Fed officials’ tolerance for inflation has increased, partly because consumer prices are often lower than the central bank’s 2% target, and they are still working to increase their value even with loose monetary policy.

“As far as supply chain congestion and other reopening frictions are temporary, they are unlikely to generate sustained high inflation on their own,” Lyle BrainardThe Fed governor said on Tuesday.

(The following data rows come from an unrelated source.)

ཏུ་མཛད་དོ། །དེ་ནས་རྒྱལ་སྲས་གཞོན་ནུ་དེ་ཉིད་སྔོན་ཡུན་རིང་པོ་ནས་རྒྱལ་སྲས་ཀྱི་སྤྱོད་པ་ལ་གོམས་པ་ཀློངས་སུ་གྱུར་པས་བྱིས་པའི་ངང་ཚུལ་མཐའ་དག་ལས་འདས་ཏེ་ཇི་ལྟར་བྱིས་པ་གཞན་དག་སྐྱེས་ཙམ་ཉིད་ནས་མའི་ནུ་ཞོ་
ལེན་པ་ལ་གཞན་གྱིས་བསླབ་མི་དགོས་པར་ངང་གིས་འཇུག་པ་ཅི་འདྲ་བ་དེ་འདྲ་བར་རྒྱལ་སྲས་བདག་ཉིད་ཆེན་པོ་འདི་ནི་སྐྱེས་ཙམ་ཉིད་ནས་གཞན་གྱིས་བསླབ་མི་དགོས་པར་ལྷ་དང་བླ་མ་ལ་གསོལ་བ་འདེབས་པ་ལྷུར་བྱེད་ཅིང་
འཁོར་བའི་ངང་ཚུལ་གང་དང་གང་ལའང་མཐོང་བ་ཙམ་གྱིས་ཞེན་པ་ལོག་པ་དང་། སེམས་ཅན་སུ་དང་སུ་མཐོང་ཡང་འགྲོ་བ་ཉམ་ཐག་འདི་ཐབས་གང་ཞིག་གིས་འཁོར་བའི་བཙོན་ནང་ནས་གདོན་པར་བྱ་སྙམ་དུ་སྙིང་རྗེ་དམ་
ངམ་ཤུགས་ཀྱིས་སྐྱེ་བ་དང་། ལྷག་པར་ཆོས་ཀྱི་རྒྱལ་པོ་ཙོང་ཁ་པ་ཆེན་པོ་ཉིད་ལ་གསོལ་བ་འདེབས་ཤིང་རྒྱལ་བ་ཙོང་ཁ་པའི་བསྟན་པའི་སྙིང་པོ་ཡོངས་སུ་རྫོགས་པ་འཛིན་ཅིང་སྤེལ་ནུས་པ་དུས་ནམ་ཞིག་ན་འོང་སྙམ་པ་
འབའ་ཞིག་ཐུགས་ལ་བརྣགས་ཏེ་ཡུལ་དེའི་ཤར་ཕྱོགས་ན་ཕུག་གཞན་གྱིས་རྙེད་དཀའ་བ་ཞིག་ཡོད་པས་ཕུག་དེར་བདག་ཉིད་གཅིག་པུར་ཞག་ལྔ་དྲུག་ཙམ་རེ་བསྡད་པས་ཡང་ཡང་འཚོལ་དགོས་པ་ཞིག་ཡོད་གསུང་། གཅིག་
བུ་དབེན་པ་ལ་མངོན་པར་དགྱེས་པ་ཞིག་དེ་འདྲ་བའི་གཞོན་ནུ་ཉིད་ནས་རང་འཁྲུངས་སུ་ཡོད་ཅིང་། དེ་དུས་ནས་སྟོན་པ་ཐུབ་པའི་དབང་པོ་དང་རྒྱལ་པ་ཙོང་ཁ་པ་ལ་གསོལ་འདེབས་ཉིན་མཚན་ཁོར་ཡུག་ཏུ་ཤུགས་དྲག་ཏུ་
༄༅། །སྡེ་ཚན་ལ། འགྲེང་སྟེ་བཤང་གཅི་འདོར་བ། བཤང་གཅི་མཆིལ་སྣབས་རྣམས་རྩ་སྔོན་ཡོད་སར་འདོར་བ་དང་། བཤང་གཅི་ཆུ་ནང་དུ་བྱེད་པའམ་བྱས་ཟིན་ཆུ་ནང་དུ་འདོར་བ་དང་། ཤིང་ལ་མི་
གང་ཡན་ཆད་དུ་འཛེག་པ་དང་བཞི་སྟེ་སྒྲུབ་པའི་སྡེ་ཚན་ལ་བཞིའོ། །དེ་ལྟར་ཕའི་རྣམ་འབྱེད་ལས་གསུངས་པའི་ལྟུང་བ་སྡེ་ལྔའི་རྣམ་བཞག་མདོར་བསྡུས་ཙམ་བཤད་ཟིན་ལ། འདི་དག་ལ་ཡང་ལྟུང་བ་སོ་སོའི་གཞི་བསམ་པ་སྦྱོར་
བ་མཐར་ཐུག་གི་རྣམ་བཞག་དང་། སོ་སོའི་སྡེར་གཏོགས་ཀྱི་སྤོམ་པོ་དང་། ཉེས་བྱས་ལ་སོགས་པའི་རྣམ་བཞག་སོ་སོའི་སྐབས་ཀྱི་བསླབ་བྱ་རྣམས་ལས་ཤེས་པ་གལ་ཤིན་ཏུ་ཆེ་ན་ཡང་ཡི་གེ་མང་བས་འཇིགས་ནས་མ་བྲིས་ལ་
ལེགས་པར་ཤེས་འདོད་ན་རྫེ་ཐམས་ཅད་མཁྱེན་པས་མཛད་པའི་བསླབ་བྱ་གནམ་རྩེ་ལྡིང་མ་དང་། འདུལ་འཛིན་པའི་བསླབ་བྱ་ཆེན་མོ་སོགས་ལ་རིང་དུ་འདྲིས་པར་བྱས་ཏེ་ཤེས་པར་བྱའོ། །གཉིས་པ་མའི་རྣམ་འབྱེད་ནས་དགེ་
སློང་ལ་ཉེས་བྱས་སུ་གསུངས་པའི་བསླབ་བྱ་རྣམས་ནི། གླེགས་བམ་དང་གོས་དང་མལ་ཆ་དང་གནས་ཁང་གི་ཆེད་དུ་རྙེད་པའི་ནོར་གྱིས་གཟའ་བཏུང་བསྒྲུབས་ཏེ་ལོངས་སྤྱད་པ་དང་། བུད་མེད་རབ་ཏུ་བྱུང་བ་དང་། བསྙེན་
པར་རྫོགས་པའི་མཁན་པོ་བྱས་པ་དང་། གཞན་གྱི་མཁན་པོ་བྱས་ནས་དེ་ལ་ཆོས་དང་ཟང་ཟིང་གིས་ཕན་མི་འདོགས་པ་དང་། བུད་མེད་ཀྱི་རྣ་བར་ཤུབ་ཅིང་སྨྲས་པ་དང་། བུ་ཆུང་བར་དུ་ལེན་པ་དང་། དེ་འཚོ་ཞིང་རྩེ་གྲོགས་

She said: “The continuous and substantial increase in the inflation rate not only requires wages or prices to rise within a period of time after the reopening, but it is also widely expected that they will continue to grow at a sustained high rate.”

Although the Fed and the U.S. Treasury Department have limited concerns, since the last CPI, concerns about rising inflation rates have been quite common in U.S. companies and are considered by investors to be the cause of the sharp rise in inflation. Stock market sell-off this week.

Berkshire Hathaway chief executive Warren Buffett said earlier this month that his company’s executives saw “very severe” inflation. “People are raising prices to us and being accepted by people.”

Tyson Foods said this week that it has substantially increased its prices. The company’s chief operating officer Downey King said: “In general, the intensified inflation environment is bringing meaningful resistance to prepared food in the second half of the year.” “We have seen raw material costs rise by more than 15%, and logistics, The cost of packaging and labor is also increasing.”